Artificial intelligence has always struck me as a fittingly modest name, as I emphasize the artifice over the intelligence. Watson, a question-answering system has recently been playing Jeopardy against humans to test the “DeepQA hypothesis”:
The DeepQA hypothesis is that by complementing classic knowledge-based approaches with recent advances in NLP, Information Retrieval, and Machine Learning to interpret and reason over huge volumes of widely accessible naturally encoded knowledge (or “unstructured knowledge”) we can build effective and adaptable open-domain QA systems. While they may not be able to formally prove an answer is correct in purely logical terms, they can build confidence based on a combination of reasoning methods that operate directly on a combination of the raw natural language, automatically extracted entities, relations and available structured and semi-structured knowledge available from for example the Semantic Web.
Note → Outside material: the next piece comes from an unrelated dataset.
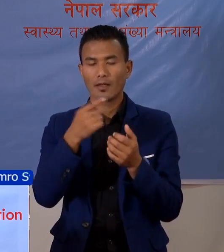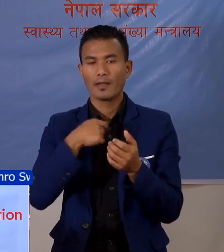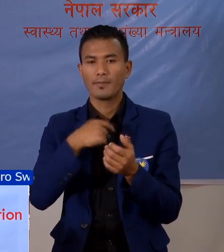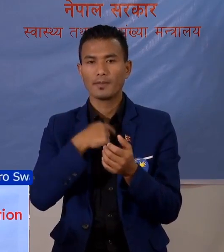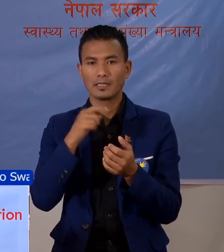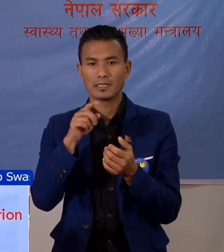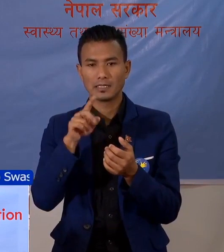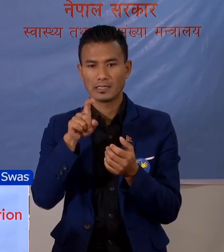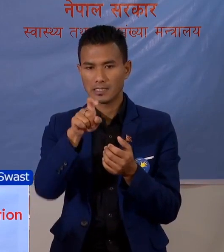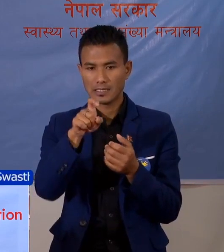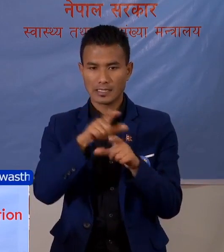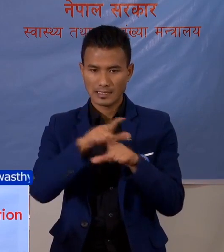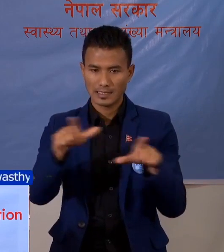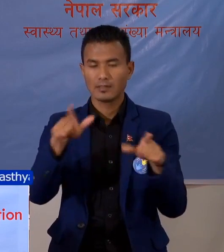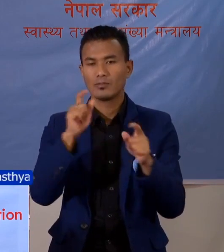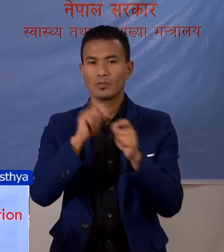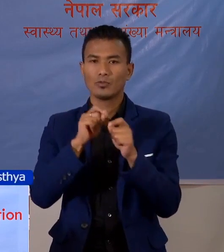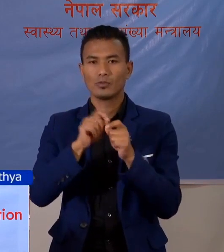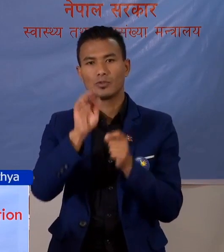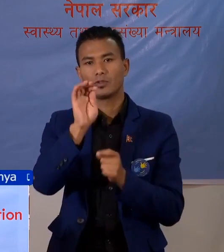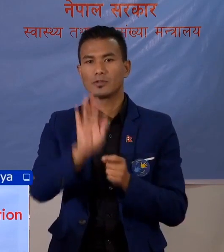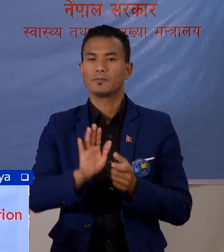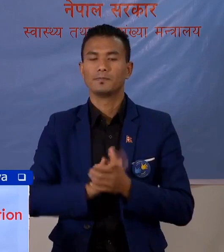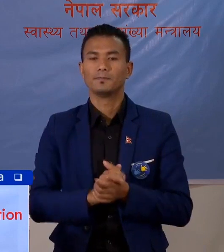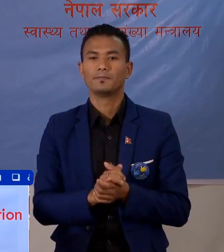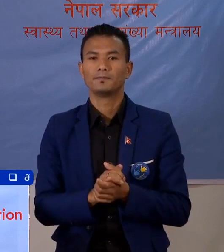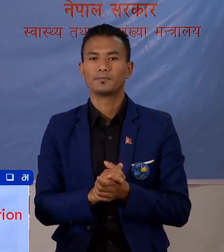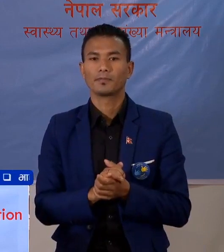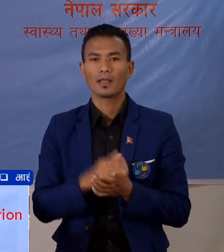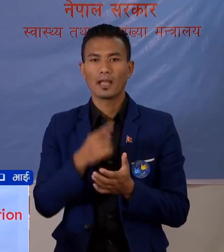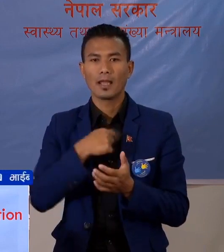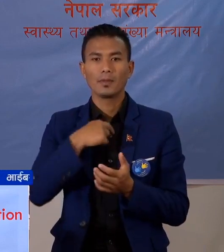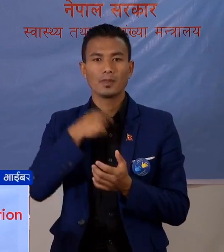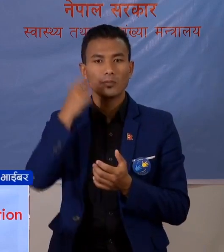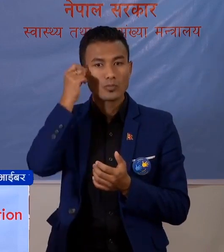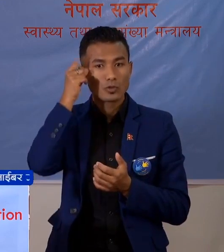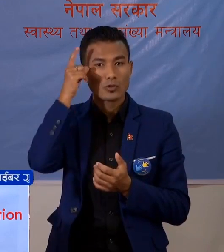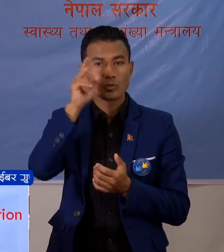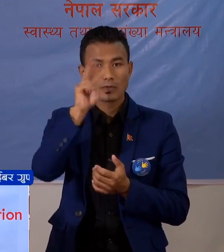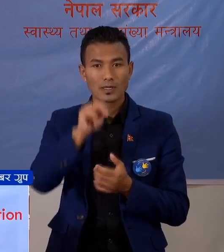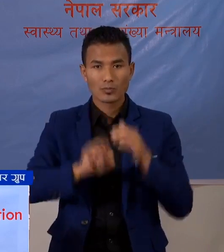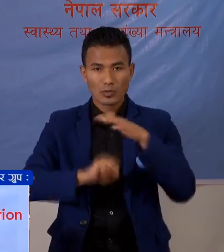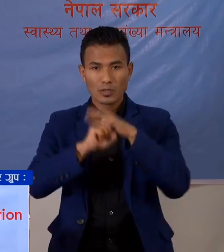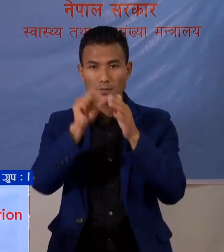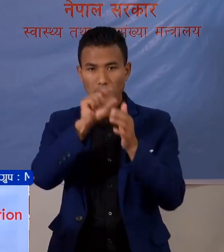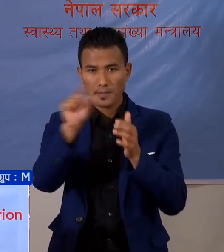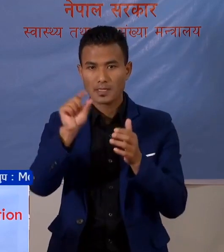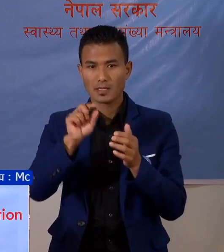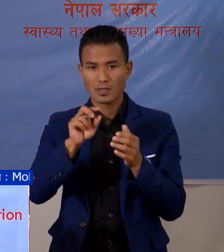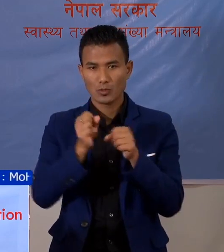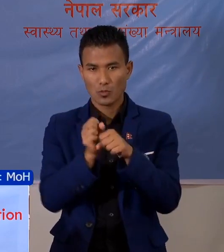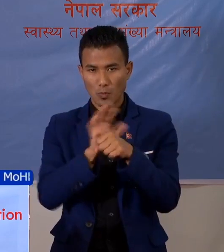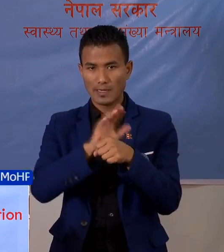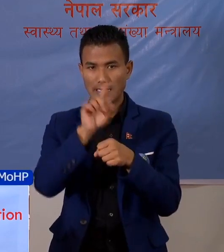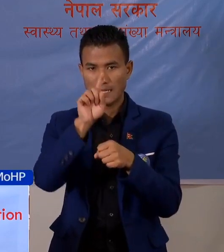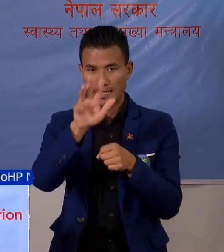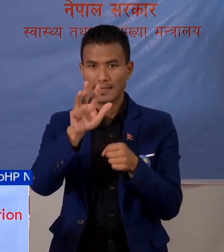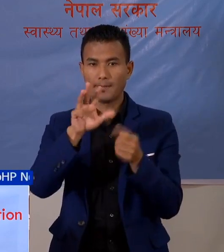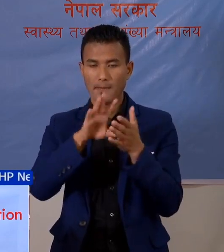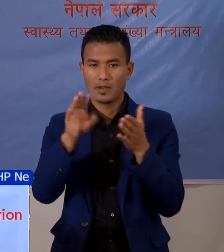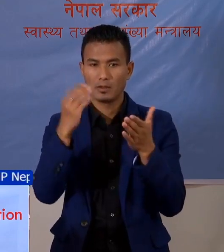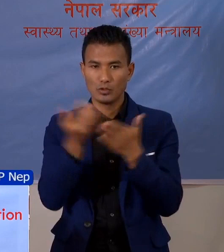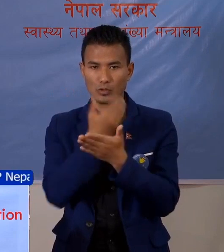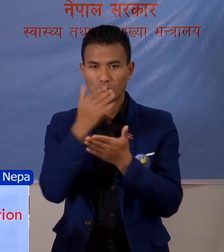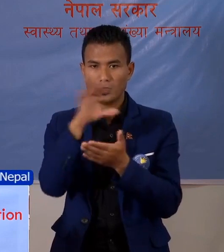संक्रमन गर्णस भने सकीन छाattend। हामेले भुजनुपर्ने मुख्य कुडा वनेको COVID-19 बाट जोगी ने सबई

As a researcher, I’m excited at the milestone this represents.
Each research area mentioned above has progressed markedly in the last 10-15 years to make the experiment plausible let alone at all successful. But as a researcher, I’m also a little disappointed in what seems to be the recurring lessons we’ve learned from Deep Blue, the NetFlix challenge, and now Watson. The takeaways seem to always be use more data and process it with a combination of more algorithms. And I’m not suggesting that is a simple thing to do; putting that much stuff together is both thankless and incredibly hard. Watson may reflect the strength of ensemble methods and the challenge of open domain problems. But it becomes difficult to distinguish advances in AI from advances in computational scale. I’m not sure this argument has been made better recently than by Garry Kasparov in his description of a “technology-rich and innovation-poor modern world”. Now that processing power is abundant, is there no better approach to open problems than the combination of solutions individually deemed unsatisfactory? Maybe not.
In contrast, Cees Snoek documents recent progress in visual search. While I think declaring victory may be premature, the progress is both convincing and encouraging. As well, it’s founded on advances that reflect both innovation (e.g. improved local image descriptors and visual representations, advances in kernel methods) and emergent technology (e.g. GPUs) for processing yet more data.
I don’t disagree that big data is unreasonably effective and is changing the nature of both the problems we face and the solutions we propose. But does the focus on more data/algorithms/cores come at the expense of new algorithms/representations? It certainly doesn’t need to. And I’m guessing Watson’s descendants will need those AI innovations every bit as much as it will need some more data.